A conventional approach might lead one to consider that inside the LW / AI safety bubble it borders on taboo to discount the existential threat posed by unaligned AI, but this is almost an inversion of the outside world, even if limited to to 25⁄75 of what LW users might consider “really impressive people.”
This is one gateway to one collection of problems associated with spreading awareness of AI alignment, but let’s go in a different direction: somewhere more personal.
Fundamentally, it seems a mistake to frame alignment as an AI issue. While unaligned AGI appears to be rapidly approaching and we have good reasons to believe this will probably result in the extinction of our species, there is another, more important alignment problem that underlies, and somewhat parallels the AI alignment problem. Of course, this larger issue is the alignment problem as faced by humanity at large.
Humans are famously unaligned on many levels: with respect to the self, interpersonally, and micro / macro-socially. No good solution to any tier of this problem has been discovered over thousands of years of inquiry. In the 20th century, humans developed technology useful for acquiring a great deal of information about the universe beyond our world, and “coincidentally” our capability of concentrated destruction increased in effectiveness by orders of magnitude, to the scale where killing at least large portions of the species in a short time is plausible. Thus, the question of why we don’t see others like us even though there appears to be ample space tended to find answers along the lines of intelligent life destroying itself. Of course, this is the result of an alignment “problem.”
Dull humans forecasted that nuclear arms would end the world and slightly smarter humans suggested that we might wait for antimatter, nanotech, genetically engineered pathogens or some other high-impact dangerous technology. As we’re seeing now, these problems are difficult. What appears to be less difficult is AGI.

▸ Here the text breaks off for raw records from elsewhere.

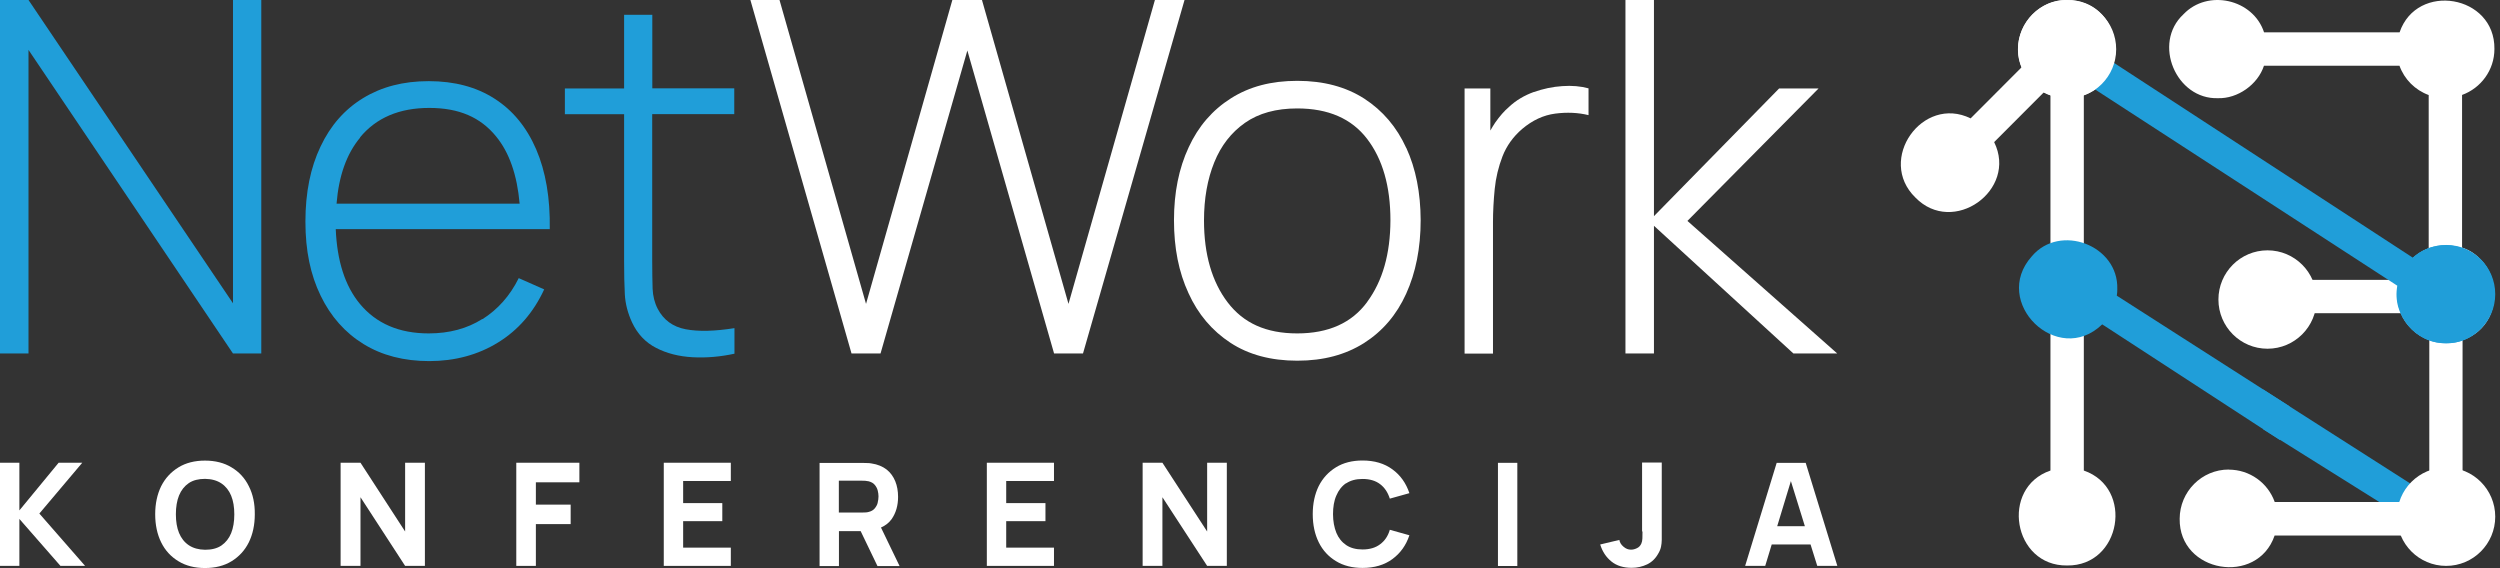 <?xml version="1.0" encoding="UTF-8"?>
<svg id="Layer_1" data-name="Layer 1" xmlns="http://www.w3.org/2000/svg" viewBox="0 0 246.47 56">
  <rect x="0" y="0" width="246.47" height="56" fill="#333333" stroke="none"/>
  <defs>
    <style>
      .cls-1 {
        fill: #209ed9;
      }

      .cls-2 {
        fill: #000a31;
      }

      .cls-3 {
        fill: #fff;
      }
    </style>
  </defs>
  <path class="cls-3" d="M205.44,46.38v-15.1c-1.06.28-2.23.27-3.29,0v15.11c-4.98,1.7-3.69,9.43,1.64,9.36,5.33.07,6.63-7.64,1.65-9.36Z"/>
  <path class="cls-1" d="M223.12,42.32l13.22,8.28,1.71-1.1c.17-.26-.2-1.32,0-1.56l-14.93-9.54v3.91Z"/>
  <path class="cls-3" d="M201.5,9.11c.22.1.42.2.65.28v16.82c1.07-.28,2.22-.28,3.29,0V9.38C210.41,7.63,209.12-.06,203.78,0c-3.34-.07-5.79,3.57-4.47,6.63l-5.03,5.04c-4.75-2.33-9.27,4.08-5.45,7.8,3.72,3.84,10.11-.73,7.77-5.46l4.89-4.9Z"/>
  <path class="cls-3" d="M219.73,46.3c2.07,0,3.86,1.31,4.53,3.19h15.24s0-15.96,0-15.96c-1.26-.46-2.29-1.41-2.81-2.65h-16.63c.12-.46.19-.96.2-1.47.04-.02,2.69-1.73,2.85-1.82h13.43c.61-1.99,2.43-3.42,4.6-3.42,5.32-.06,6.64,7.62,1.64,9.36,0,4.84,0,14.34,0,19.27h-18.53c-1.71,4.98-9.44,3.68-9.36-1.66.01-2.67,2.17-4.85,4.84-4.85Z"/>
  <path class="cls-2" d="M214.9,32.06s0,0,.01.01c0,0,0,0,0-.01h0Z"/>
  <path class="cls-3" d="M218.67,9.68c1.92.06,3.92-1.33,4.53-3.2h13.36c.48,1.34,1.54,2.4,2.88,2.89v16.23c1.07-.28,2.22-.28,3.29,0V9.36c1.85-.67,3.19-2.44,3.19-4.53.07-5.34-7.65-6.63-9.35-1.64h-13.36c-1.07-3.28-5.56-4.3-7.95-1.78-3.08,2.86-.72,8.41,3.41,8.27Z"/>
  <path class="cls-1" d="M243.7,24.94c-1.76-1.18-4.28-.97-5.83.46-.47-.3-29.31-19.1-29.76-19.4-.41.98-.73,2.13-1.56,2.82,3.12,2.01,27.26,17.71,29.8,19.35-.56,2.86,1.79,5.71,4.75,5.66,4.71.16,6.61-6.53,2.61-8.9Z"/>
  <g>
    <polygon class="cls-3" points="8.11 45.62 5.78 45.62 1.91 50.32 1.91 45.62 0 45.62 0 55.79 1.91 55.79 1.91 51.16 5.96 55.79 8.39 55.79 3.88 50.63 8.11 45.62"/>
    <path class="cls-3" d="M24.53,47.93c-.39-.8-.97-1.42-1.7-1.85-.73-.45-1.61-.67-2.62-.67s-1.89.22-2.62.67c-.73.45-1.3,1.06-1.7,1.85-.39.8-.59,1.72-.59,2.77s.2,1.98.59,2.77c.39.8.97,1.42,1.7,1.86.73.45,1.61.67,2.62.67s1.89-.22,2.62-.67c.73-.45,1.3-1.06,1.7-1.86.39-.8.59-1.72.59-2.77.01-1.05-.18-1.97-.59-2.77ZM22.79,52.56c-.21.52-.54.93-.96,1.22-.43.29-.97.42-1.61.42-.64-.01-1.18-.16-1.61-.45-.43-.29-.75-.7-.96-1.21s-.31-1.13-.31-1.84.1-1.33.31-1.85.54-.93.96-1.22c.43-.29.97-.42,1.61-.42.64.01,1.18.16,1.61.45.43.29.75.7.96,1.21s.31,1.13.31,1.84-.1,1.33-.31,1.85Z"/>
    <polygon class="cls-3" points="39.94 52.4 35.54 45.62 33.58 45.62 33.58 55.79 35.54 55.79 35.54 49.02 39.94 55.79 41.89 55.79 41.89 45.62 39.94 45.62 39.94 52.4"/>
    <polygon class="cls-3" points="50.9 55.79 52.83 55.79 52.83 51.67 56.26 51.67 56.26 49.75 52.83 49.75 52.83 47.55 57.12 47.55 57.12 45.62 50.9 45.62 50.9 55.79"/>
    <polygon class="cls-3" points="65.44 55.79 72.05 55.79 72.05 53.99 67.35 53.99 67.35 51.38 71.21 51.38 71.21 49.6 67.35 49.6 67.35 47.42 72.05 47.42 72.05 45.62 65.44 45.62 65.44 55.79"/>
    <path class="cls-3" d="M86.85,52.01c.45-.2.8-.47,1.06-.84.42-.6.63-1.34.63-2.18,0-.56-.09-1.09-.28-1.55s-.47-.85-.85-1.15c-.39-.3-.88-.51-1.49-.6-.13-.03-.29-.04-.45-.04-.17-.01-.3-.01-.39-.01h-4.28v10.17h1.91v-3.45h2.14l1.66,3.45h2.18l-1.83-3.79ZM86.53,49.57c-.05.21-.16.39-.29.55-.14.17-.34.29-.6.35-.1.03-.21.05-.33.05-.12.01-.22.01-.33.01h-2.28v-3.14h2.28c.1,0,.21,0,.33.01s.22.03.33.05c.26.07.46.18.6.35s.24.35.29.55c.05.21.08.39.08.58,0,.21-.03.41-.08.62Z"/>
    <polygon class="cls-3" points="97.29 55.79 103.91 55.79 103.91 53.99 99.2 53.99 99.2 51.38 103.07 51.38 103.07 49.6 99.2 49.6 99.2 47.42 103.91 47.42 103.91 45.62 97.29 45.62 97.29 55.79"/>
    <polygon class="cls-3" points="119.01 52.4 114.6 45.62 112.65 45.62 112.65 55.79 114.6 55.79 114.6 49.02 119.01 55.79 120.95 55.79 120.95 45.62 119.01 45.62 119.01 52.4"/>
    <path class="cls-3" d="M132.72,47.65c.43-.29.97-.43,1.61-.43.71,0,1.28.17,1.73.51.45.34.76.81.96,1.43l1.93-.54c-.33-.98-.88-1.77-1.68-2.35-.79-.58-1.77-.87-2.94-.87-1.01,0-1.89.22-2.62.67-.73.45-1.3,1.06-1.7,1.85-.39.8-.59,1.72-.59,2.77s.2,1.98.59,2.77c.39.8.97,1.42,1.7,1.86.73.45,1.61.67,2.62.67,1.17,0,2.15-.29,2.94-.87.79-.58,1.35-1.36,1.68-2.35l-1.93-.54c-.18.62-.5,1.09-.96,1.43-.45.34-1.02.51-1.73.51-.64,0-1.18-.14-1.61-.43s-.76-.7-.97-1.21c-.21-.52-.33-1.14-.33-1.84s.1-1.33.33-1.84c.22-.52.54-.93.97-1.22"/>
    <rect class="cls-3" x="147.68" y="45.63" width="1.91" height="10.17"/>
    <path class="cls-3" d="M161.93,52.4c0,.26,0,.49-.01.68-.01.2-.04.37-.1.5-.09.21-.24.38-.45.47-.21.1-.39.14-.58.14-.26,0-.5-.09-.73-.29-.24-.2-.37-.42-.41-.67l-1.89.45c.22.71.59,1.26,1.11,1.68.52.42,1.19.62,1.99.62.56,0,1.07-.12,1.53-.34.46-.22.84-.59,1.11-1.09.13-.22.22-.45.26-.66s.07-.43.07-.67v-7.62h-1.94v6.8h.03Z"/>
    <path class="cls-3" d="M178.02,45.63h-2.86l-3.11,10.16h1.98l.64-2.11h3.83l.66,2.11h1.98l-3.12-10.16ZM175.21,51.88l1.35-4.45,1.38,4.45h-2.73Z"/>
  </g>
  <g>
    <polygon class="cls-1" points="22.97 29.9 2.81 0 0 0 0 34.85 2.81 34.85 2.81 4.92 22.97 34.85 25.76 34.85 25.76 0 22.97 0 22.97 29.9"/>
    <path class="cls-1" d="M47.55,31.45c-1.5.95-3.27,1.42-5.28,1.42-2.92,0-5.17-.97-6.78-2.9-1.48-1.78-2.26-4.25-2.39-7.38h21.1c.05-3.06-.4-5.69-1.34-7.87-.94-2.18-2.31-3.85-4.1-4.99-1.8-1.16-3.97-1.73-6.49-1.73s-4.65.56-6.47,1.67c-1.82,1.11-3.22,2.7-4.2,4.78-.99,2.07-1.49,4.53-1.49,7.4s.5,5.24,1.5,7.3c.99,2.05,2.41,3.65,4.23,4.77,1.82,1.12,3.98,1.68,6.48,1.68s4.81-.61,6.79-1.84c1.98-1.22,3.49-2.96,4.54-5.23l-2.51-1.11c-.87,1.76-2.08,3.1-3.58,4.05ZM35.49,13.55c1.6-1.94,3.88-2.91,6.83-2.91s5.05.93,6.58,2.8c1.31,1.59,2.08,3.81,2.33,6.64h-18.05c.22-2.73.99-4.92,2.33-6.52Z"/>
    <path class="cls-1" d="M64.33,1.46h-2.8v7.26h-5.84v2.54h5.84v14.52c0,1.21.02,2.28.07,3.23.05.93.29,1.87.72,2.79.53,1.13,1.33,1.97,2.37,2.5,1.04.54,2.26.85,3.62.92,1.36.07,2.72-.05,4.1-.35v-2.52c-1.95.31-3.56.35-4.81.11-1.26-.24-2.18-.91-2.76-2.02-.31-.6-.47-1.26-.5-1.97-.02-.72-.04-1.63-.04-2.73v-14.49h8.09v-2.54h-8.08V1.46Z"/>
    <polygon class="cls-3" points="113.86 0 105.34 29.96 96.81 0 93.89 0 85.38 29.96 76.85 0 73.98 0 83.95 34.85 86.81 34.85 95.37 4.98 103.92 34.85 106.77 34.85 116.78 0 113.86 0"/>
    <path class="cls-3" d="M138.64,14.59c-.94-2.07-2.33-3.69-4.13-4.86-1.82-1.17-4.02-1.76-6.61-1.76s-4.72.57-6.54,1.72-3.21,2.75-4.17,4.83c-.97,2.08-1.45,4.47-1.45,7.2s.47,5.11,1.43,7.18c.94,2.08,2.33,3.71,4.13,4.89,1.8,1.18,4,1.77,6.6,1.77s4.75-.59,6.58-1.74c1.82-1.16,3.21-2.78,4.15-4.86.94-2.07,1.43-4.5,1.43-7.25-.01-2.69-.47-5.07-1.42-7.14ZM134.79,29.77c-1.52,2.07-3.82,3.1-6.9,3.1s-5.3-1.02-6.85-3.05-2.34-4.73-2.34-8.08c0-2.17.34-4.07,1.01-5.73s1.68-2.95,3.03-3.9c1.36-.95,3.07-1.42,5.15-1.42,3.06,0,5.36,1,6.89,3,1.53,2,2.3,4.68,2.3,8.03-.01,3.3-.77,5.98-2.29,8.04Z"/>
    <path class="cls-3" d="M151.21,9.07c-.93.34-1.75.82-2.44,1.47-.47.4-.92.92-1.37,1.56-.17.25-.32.51-.47.77v-4.15h-2.54v26.14h2.8v-12.95c0-1.06.06-2.15.17-3.27.11-1.12.37-2.19.77-3.23.4-1.02,1.04-1.93,1.94-2.7,1.02-.86,2.1-1.36,3.26-1.51s2.25-.1,3.28.15v-2.64c-.77-.21-1.63-.29-2.59-.22-.94.06-1.88.26-2.82.59"/>
    <polygon class="cls-3" points="179.29 8.72 175.4 8.72 163.06 21.31 163.06 0 160.25 0 160.25 34.85 163.06 34.85 163.06 22.26 176.81 34.85 181.13 34.85 166.36 21.78 179.29 8.72"/>
  </g>
  <ellipse class="cls-3" cx="223.55" cy="29.53" rx="4.84" ry="4.85"/>
  <ellipse class="cls-1" cx="241.16" cy="29" rx="4.84" ry="4.85"/>
  <ellipse class="cls-3" cx="203.79" cy="4.85" rx="4.84" ry="4.85"/>
  <ellipse class="cls-3" cx="241.16" cy="50.94" rx="4.84" ry="4.85"/>
  <path class="cls-1" d="M208.74,28.5c.13-4.33-5.66-6.5-8.42-3.24-4.07,4.52,2.54,10.96,6.93,6.72l.24.15,17.29,11.26.93-3.34-17.02-10.9c.04-.22.05-.43.05-.65Z"/>
</svg>

So, even though it’s not in the interest of the continuity of the species, humanity can’t help but to race redundantly at breakneck pace toward this new technological capability, embodying a slightly disguised, concentrated and lethal version of one of the oldest and most fundamental problems our species has ever faced. That AI alignment is not taken more seriously could be seen as a reflection of “really impressive people” actually not having paid much mind to the alignment problems embedded in and endemic to who we are.
Should one introduce really impressive people to AI alignment? Maybe, but one must remember that magic appears unavailable and that for various reasons, it is predictably the case that most people, even “really impressive” people, will not consider the problem to be more than an abstract curiosity with even the best presentation. So to evangelize about AI alignment seems most useful as a fulfillment of one’s personal / social interests rather than much of a useful tool to increase work to save the species.
Full disclosure: it’s not clear that alignment is a meaningful concept, it’s not clear that humans have meaningful or consistent values, it’s very much not clear that continuing the human species is a good thing (at any point in our history, past, present or future) from an S-risk perspective, and it’s not clear that humans have any business rationally evaluating the utility in survival and reproduction as these are goals we’re apparently optimized for. So it should be the case that this post is written with less motivation to evangelize.